AI Misstep at a Big Four: How Deloitte Faced Reputational and Financial Loss

October 21, 2025
Deloitte Australia has come under serious scrutiny after a $290,000 government report, published on the Department of Employment and Workplace Relations website in July 2025, was found to contain multiple AI-generated errors.

What Happened?

Reportedly, 20 errors were found in the initial report, and they were not merely grammatical slips or awkward phrasing. According to an Associated Press article , these inaccuracies included a fictitious quote attributed to a federal court judgement and references to academic research papers that did not exist.

The mistakes were reported to the media by Sydney university researcher, Chris Rudge, leading to a revised version of the report being published and the original removed from the government website.

The Fallout

Deloitte responded to the allegations after reviewing the report, confirming that “some footnotes and references were incorrect” stating that “the updates made in no way impact or affect the substantive content, findings and recommendations in the report.”

Following publication of the amended report, Deloitte agreed to a partial refund equal to the final instalment under the contract; the exact amount has not been disclosed and will be made public once the reimbursement is complete.

The episode has caused clear reputational damage. Senator Barbara Peacock, the Australian Greens’ spokesperson on the public sector, said Deloitte “misused AI and used it very inappropriately: misquoted a judge, used references that are non-existent,” adding the incident was “the kind of thing a first-year university student would be in deep trouble for.” She also expressed her opinion that the firm should refund the full $290,000.

While the final repayment figure remains uncertain, it is the reputational damage and erosion of stakeholder trust, not the financial reimbursement, that pose the greatest threat to the Deloitte’s long-term stability and credibility.

How does Governance play a role in the situation?

Governance isn’t a box-ticking exercise, it underpins everything an organisation does, including how technology is used. Good governance provides the structures, oversight and accountability needed to ensure technology is deployed responsibly, ethically and in line with contractual obligations.

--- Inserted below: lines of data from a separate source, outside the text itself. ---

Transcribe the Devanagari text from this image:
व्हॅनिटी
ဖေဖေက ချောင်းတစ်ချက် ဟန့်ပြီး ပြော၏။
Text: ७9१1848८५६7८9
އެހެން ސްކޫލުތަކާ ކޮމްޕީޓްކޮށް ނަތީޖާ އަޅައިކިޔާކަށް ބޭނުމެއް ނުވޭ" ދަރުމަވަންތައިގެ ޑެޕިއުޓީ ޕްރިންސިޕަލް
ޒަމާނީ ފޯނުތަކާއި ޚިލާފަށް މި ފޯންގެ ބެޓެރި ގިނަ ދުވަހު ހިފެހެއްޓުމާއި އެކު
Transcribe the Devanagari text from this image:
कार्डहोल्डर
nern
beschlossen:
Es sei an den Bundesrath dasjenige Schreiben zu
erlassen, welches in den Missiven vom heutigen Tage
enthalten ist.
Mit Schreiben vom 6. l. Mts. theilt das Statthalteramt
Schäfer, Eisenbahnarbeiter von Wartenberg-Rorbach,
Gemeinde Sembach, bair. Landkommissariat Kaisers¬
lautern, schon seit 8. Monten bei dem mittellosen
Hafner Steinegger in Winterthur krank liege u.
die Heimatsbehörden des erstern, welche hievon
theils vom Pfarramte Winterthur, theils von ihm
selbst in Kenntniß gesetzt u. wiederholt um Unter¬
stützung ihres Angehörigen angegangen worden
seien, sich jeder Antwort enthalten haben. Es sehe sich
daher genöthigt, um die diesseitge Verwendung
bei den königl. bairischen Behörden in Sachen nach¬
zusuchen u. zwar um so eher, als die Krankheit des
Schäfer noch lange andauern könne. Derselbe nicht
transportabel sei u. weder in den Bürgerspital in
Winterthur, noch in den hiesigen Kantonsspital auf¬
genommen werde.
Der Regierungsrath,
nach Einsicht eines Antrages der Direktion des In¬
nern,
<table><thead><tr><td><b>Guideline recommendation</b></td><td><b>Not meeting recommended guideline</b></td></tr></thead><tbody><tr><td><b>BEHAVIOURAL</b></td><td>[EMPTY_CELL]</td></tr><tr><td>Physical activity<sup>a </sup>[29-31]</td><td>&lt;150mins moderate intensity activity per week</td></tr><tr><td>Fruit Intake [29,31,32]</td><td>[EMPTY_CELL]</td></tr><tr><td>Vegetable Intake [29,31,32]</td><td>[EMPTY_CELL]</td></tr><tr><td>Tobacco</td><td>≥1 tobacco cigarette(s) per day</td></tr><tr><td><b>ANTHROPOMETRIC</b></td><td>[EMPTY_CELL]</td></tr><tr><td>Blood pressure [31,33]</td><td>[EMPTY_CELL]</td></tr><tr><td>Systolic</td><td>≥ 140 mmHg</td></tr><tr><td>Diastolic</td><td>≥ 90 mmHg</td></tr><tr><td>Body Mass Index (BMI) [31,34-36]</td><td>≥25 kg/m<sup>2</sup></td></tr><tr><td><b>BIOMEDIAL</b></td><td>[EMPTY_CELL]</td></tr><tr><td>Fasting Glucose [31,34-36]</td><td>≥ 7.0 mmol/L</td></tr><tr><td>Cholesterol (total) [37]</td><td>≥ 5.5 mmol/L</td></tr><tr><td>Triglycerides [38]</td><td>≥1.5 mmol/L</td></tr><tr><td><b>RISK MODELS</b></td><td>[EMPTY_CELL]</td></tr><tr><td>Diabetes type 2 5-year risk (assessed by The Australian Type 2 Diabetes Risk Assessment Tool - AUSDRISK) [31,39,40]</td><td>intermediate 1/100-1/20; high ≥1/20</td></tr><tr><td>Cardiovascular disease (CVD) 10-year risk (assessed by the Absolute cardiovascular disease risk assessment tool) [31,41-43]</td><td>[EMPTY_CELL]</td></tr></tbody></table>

Where robust governance is absent, risks multiply. In this case, reliance on AI without effective governance exposed clear gaps. Governance is about more than compliance; it’s the foundation for earning trust, sustaining credibility, and driving long-term organisational integrity. To ensure accuracy, integrity, and strong governance “human in the loop”, audit trails for AI outputs and escalation protocols for anomalies, measures that protect against reputational damage and financial loss are vital.

The partial reimbursement, public criticism and hit to stakeholder confidence show what can happen when governance is treated as an afterthought. AI brings distinct risks, hallucinations and bias among them, and without governance those risks become liabilities. Yet when properly governed, AI can unlock powerful benefits, from sharper decision-making and operational efficiency to transformative innovation.

How could this have been avoided?

It would appear that a lack of governance lies behind the mistakes identified. To prevent similar failings when using AI, organisations should have in place a clear AI governance framework that includes:

  • Clear policies: On acceptable AI use and disclosure.
  • Mandatory quality assurance: With Human validation for AI-generated content.
  • Audit trails: Plus record-keeping for AI outputs.
  • Regular audits: Including training on responsible AI practices.
  • Escalation procedures: For flagged anomalies or uncertain outputs.

 

Effective risk mitigation through applying these robust controls would have identified and addressed the report’s errors before publication, preventing potential reputational and operational fallout.

The lesson is simple: governance is the backbone of responsible AI adoption. Without it, organisations risk not just fines but long-term damage to credibility.